Pero el extremo fue Sydney Brenner, director del instituto después de Perutz y que también ganó un Premio Nobel (de Fisilogía o Medicina en 2002 por el descubrimiento de los genes que regulan la muerte celular programada). “Él llegó a gritarme ‘Quién te dijo que podías trabajar en la ATPasa, yo soy el encargado de este instituto y tú vas a trabajar en lo que yo te diga…
“Fue algo muy… La gente tiene esta idea de que debido a que yo estaba en el Laboratorio de Biología Molecular de Cambridge todos me decían ‘Oh, qué bien, vamos a ayudarte a hacer esto. No fue así para nada. Salvo porque me dejaron hacerlo, pero obtener el apoyo para trabajar en el tema fue difícil. No fue un ambiente muy alentador”.
“Al final me dijeron: ‘Ve obtén el cristal y cuando lo tengas ven con nosotros y resolveremos la estructura… ‘Ajá, hasta creen que eso van a hacer (Like hell you will)‘, pensé”, dijo Walker.

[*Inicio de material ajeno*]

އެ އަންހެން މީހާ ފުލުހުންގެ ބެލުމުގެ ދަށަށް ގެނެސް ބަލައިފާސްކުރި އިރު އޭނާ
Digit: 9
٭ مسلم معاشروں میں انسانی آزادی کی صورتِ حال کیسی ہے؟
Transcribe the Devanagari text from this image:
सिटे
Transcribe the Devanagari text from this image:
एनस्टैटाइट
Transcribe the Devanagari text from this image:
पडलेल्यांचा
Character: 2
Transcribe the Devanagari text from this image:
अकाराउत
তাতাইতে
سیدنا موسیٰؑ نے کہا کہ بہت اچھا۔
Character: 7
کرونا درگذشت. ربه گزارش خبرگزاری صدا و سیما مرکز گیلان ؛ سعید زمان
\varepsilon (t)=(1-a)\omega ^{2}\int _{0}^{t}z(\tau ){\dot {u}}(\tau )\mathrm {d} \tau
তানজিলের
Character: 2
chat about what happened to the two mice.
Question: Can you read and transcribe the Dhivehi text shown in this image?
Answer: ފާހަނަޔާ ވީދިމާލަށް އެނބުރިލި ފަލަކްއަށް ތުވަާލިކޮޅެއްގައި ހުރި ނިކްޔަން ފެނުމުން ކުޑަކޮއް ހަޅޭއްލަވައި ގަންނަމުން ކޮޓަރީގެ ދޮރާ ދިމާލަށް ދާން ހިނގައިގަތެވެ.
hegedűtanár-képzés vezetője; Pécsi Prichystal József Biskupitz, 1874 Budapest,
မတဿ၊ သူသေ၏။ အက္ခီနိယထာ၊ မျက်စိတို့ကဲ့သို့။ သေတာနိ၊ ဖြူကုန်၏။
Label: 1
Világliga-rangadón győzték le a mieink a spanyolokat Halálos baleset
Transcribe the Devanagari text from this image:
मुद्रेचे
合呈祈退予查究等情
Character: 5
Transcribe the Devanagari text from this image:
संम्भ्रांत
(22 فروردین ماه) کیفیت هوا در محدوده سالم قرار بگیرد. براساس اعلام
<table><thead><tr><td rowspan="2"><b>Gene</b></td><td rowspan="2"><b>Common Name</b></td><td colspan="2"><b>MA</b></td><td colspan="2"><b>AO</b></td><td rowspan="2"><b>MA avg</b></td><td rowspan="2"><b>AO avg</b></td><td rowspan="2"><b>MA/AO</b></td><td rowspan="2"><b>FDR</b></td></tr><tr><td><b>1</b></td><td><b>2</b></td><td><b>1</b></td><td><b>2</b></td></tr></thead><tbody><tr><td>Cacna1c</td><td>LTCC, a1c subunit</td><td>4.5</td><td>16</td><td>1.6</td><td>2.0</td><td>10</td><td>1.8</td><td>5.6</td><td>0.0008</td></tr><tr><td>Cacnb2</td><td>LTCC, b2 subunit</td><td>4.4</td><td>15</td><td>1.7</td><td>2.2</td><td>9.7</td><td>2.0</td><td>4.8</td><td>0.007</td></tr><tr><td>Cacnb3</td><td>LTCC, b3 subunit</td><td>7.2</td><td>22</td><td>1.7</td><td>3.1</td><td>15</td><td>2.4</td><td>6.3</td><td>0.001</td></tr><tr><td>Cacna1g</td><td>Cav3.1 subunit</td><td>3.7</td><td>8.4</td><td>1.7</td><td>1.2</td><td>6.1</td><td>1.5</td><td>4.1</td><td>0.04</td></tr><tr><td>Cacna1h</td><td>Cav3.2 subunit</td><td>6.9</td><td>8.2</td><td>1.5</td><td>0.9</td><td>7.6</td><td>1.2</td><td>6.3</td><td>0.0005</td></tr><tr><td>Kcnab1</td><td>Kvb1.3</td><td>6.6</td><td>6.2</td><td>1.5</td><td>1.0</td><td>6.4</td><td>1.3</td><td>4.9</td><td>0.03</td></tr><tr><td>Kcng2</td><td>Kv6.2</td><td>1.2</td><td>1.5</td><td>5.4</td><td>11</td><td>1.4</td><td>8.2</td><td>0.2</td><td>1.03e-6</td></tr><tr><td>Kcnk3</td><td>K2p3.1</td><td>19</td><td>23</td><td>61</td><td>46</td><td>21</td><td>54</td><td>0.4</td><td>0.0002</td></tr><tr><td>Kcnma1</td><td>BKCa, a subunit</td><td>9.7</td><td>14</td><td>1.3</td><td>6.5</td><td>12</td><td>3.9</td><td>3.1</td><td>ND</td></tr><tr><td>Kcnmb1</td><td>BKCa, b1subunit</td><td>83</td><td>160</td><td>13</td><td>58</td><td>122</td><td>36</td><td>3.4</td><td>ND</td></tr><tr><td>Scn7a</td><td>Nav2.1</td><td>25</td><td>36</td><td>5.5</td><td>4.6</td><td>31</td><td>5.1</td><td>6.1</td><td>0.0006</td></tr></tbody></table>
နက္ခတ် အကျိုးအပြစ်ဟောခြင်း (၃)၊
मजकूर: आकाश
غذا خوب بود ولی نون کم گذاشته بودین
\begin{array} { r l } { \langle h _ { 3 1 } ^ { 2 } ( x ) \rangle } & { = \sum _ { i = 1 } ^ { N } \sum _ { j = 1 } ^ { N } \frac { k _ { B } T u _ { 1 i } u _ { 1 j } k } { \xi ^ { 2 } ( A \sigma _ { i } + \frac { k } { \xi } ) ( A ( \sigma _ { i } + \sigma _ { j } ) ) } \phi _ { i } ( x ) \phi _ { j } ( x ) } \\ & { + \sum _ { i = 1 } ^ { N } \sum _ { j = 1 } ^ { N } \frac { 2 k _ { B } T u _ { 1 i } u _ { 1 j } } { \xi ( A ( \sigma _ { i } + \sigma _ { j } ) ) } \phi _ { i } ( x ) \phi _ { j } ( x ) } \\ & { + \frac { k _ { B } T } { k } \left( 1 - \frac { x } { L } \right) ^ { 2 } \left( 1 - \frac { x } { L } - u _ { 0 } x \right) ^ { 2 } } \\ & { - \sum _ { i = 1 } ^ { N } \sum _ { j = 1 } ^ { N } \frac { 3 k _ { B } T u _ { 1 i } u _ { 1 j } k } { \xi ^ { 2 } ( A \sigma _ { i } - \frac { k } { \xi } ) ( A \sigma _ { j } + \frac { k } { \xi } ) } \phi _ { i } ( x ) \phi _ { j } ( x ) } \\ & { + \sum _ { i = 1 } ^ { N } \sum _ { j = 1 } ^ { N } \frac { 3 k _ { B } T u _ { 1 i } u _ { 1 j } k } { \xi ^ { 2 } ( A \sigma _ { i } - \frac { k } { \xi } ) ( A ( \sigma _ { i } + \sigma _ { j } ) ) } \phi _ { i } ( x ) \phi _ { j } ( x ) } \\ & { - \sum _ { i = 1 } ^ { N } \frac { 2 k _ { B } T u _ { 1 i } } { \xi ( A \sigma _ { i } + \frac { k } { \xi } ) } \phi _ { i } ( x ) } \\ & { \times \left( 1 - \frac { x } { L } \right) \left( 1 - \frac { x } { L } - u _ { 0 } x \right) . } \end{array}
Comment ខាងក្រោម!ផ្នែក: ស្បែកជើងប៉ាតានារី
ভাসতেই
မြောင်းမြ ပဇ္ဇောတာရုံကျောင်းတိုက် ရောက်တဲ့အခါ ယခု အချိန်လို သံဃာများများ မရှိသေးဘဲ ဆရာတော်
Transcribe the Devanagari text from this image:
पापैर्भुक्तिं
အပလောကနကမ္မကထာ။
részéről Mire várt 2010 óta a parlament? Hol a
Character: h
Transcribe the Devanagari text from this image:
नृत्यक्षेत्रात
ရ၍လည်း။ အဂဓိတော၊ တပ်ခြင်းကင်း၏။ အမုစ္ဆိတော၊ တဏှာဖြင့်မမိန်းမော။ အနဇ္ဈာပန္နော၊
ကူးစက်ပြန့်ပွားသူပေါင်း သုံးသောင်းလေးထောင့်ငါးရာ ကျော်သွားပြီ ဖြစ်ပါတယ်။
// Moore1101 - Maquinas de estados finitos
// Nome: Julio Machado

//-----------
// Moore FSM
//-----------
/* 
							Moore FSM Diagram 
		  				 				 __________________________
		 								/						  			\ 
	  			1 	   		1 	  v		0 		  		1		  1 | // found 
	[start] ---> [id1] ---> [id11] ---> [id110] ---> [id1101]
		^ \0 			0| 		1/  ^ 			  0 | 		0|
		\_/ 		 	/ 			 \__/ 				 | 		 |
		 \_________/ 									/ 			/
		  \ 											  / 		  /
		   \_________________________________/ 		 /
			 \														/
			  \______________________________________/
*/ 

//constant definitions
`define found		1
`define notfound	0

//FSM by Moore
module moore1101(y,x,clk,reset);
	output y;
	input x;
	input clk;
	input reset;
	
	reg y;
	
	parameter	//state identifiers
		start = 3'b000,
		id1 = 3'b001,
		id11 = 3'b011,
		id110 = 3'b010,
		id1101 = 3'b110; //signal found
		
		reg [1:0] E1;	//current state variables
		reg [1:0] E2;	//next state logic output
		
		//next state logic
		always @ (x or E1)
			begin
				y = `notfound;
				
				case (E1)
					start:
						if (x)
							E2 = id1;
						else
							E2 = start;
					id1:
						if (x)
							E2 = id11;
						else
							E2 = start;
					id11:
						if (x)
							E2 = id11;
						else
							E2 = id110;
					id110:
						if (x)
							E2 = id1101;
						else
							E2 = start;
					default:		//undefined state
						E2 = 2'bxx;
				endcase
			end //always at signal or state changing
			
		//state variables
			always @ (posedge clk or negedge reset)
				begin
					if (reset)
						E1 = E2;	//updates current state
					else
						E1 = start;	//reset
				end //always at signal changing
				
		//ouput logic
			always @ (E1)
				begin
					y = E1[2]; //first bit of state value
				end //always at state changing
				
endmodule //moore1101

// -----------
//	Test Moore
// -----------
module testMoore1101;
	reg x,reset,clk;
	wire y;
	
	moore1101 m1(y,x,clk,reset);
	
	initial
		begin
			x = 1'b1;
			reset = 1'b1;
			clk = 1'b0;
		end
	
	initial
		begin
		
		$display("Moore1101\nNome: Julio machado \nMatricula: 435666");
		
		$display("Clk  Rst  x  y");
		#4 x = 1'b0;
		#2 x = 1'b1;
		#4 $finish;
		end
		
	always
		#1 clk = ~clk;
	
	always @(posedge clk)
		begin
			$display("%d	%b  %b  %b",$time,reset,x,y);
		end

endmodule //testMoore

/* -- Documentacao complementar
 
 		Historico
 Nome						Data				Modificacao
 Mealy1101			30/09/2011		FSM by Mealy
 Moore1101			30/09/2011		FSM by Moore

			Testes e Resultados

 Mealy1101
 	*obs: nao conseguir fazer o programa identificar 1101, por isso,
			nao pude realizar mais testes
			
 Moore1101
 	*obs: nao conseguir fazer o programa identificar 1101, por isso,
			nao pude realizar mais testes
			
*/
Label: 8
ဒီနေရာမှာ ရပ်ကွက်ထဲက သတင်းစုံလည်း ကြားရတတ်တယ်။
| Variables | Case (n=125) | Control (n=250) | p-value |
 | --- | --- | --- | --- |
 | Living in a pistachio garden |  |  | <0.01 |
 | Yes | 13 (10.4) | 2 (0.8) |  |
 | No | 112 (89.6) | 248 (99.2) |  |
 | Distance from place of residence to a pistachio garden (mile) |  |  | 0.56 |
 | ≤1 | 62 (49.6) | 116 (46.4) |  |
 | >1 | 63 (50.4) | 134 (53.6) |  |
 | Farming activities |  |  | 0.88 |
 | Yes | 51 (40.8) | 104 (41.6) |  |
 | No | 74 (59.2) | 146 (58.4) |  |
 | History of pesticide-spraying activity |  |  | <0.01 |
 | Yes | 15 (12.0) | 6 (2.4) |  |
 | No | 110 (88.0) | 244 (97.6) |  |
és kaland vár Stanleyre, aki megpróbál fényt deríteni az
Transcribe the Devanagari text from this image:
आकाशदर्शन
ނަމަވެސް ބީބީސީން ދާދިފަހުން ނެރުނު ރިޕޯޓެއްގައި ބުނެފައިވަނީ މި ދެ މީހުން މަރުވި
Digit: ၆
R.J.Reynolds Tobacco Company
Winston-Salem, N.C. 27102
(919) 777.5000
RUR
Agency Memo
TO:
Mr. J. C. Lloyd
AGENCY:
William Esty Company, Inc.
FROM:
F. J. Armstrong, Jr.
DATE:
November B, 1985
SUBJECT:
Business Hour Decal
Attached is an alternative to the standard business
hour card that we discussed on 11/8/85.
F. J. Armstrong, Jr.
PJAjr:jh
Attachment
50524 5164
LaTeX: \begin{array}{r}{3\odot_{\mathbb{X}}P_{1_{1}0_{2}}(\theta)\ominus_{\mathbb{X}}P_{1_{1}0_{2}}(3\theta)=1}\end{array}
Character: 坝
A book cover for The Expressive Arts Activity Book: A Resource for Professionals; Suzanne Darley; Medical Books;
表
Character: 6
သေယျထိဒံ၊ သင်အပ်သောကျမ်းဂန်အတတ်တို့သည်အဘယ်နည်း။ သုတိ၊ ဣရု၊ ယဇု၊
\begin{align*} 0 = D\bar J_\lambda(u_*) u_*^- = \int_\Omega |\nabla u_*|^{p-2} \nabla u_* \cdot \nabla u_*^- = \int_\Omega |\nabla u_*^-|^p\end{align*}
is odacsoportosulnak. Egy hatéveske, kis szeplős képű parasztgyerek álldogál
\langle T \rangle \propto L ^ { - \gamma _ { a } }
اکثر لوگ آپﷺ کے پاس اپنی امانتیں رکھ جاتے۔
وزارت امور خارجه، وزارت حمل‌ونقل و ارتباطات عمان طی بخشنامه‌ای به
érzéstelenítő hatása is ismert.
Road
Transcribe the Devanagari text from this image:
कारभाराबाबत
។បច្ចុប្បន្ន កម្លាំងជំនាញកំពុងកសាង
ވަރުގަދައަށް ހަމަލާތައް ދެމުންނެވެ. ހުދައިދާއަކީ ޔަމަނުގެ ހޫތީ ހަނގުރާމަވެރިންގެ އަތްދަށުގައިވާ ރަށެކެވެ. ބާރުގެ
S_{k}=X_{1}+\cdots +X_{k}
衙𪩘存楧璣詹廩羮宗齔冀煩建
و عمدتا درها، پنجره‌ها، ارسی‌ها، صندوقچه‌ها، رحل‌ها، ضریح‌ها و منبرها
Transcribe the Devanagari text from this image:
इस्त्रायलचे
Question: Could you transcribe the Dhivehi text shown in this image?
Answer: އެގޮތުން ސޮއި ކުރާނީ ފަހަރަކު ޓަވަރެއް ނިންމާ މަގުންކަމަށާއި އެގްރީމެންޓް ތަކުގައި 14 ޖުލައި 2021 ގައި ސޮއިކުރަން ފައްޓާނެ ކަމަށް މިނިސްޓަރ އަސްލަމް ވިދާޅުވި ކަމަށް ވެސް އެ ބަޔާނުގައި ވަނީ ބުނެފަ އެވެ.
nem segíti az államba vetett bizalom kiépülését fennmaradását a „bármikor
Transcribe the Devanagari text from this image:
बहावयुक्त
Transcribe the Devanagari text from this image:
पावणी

“Me tomó, con un estudiante de posdoctorado, alrededor de 10 años obtener cristales con la calidad suficiente para que difractaran bien”.
Mientras tanto, “la gente me decía, es demasiado grande, nunca cristalizará, y luego agregaban, incluso si cristaliza no vas a poder resolver la estructura” debido a un tema técnico demasiado complicado para tratar de explicarlo en este espacio y que nada tuvo que ver porque, ya con los cristales, “resolver la estructura tridimensional fue bastante rápido” a pesar de que no siguieron los consejos de Aaron Klug, otro premio Nobel de Química (de 1982 por el desarrollo de la cristalografía de microscopio electrónico” que estaba en el LBM.
“Así que fue una gran gran batalla llegar hasta el resultado”, me dijo Walker.
Epílogo
La semana de entrega de los premios Nobel, del 5 al 12 de octubre, de este año, sumado al centenario de Mitchell y a las últimas semanas en las que, en México, se inactivó el Foro Consultivo Científico y Tecnológico AC, se reunieron 34 academias de ciencia para protestar por la falta de recursos por parte de Conacyt y en la Cámara de Diputados se pretendió extinguir los fideicomisos de ciencia y tecnología (además de los de cultura, prevención de desastres naturales y atención de víctimas), me hicieron desenterrar esta historia en la que intuyo muchas lecciones valiosas.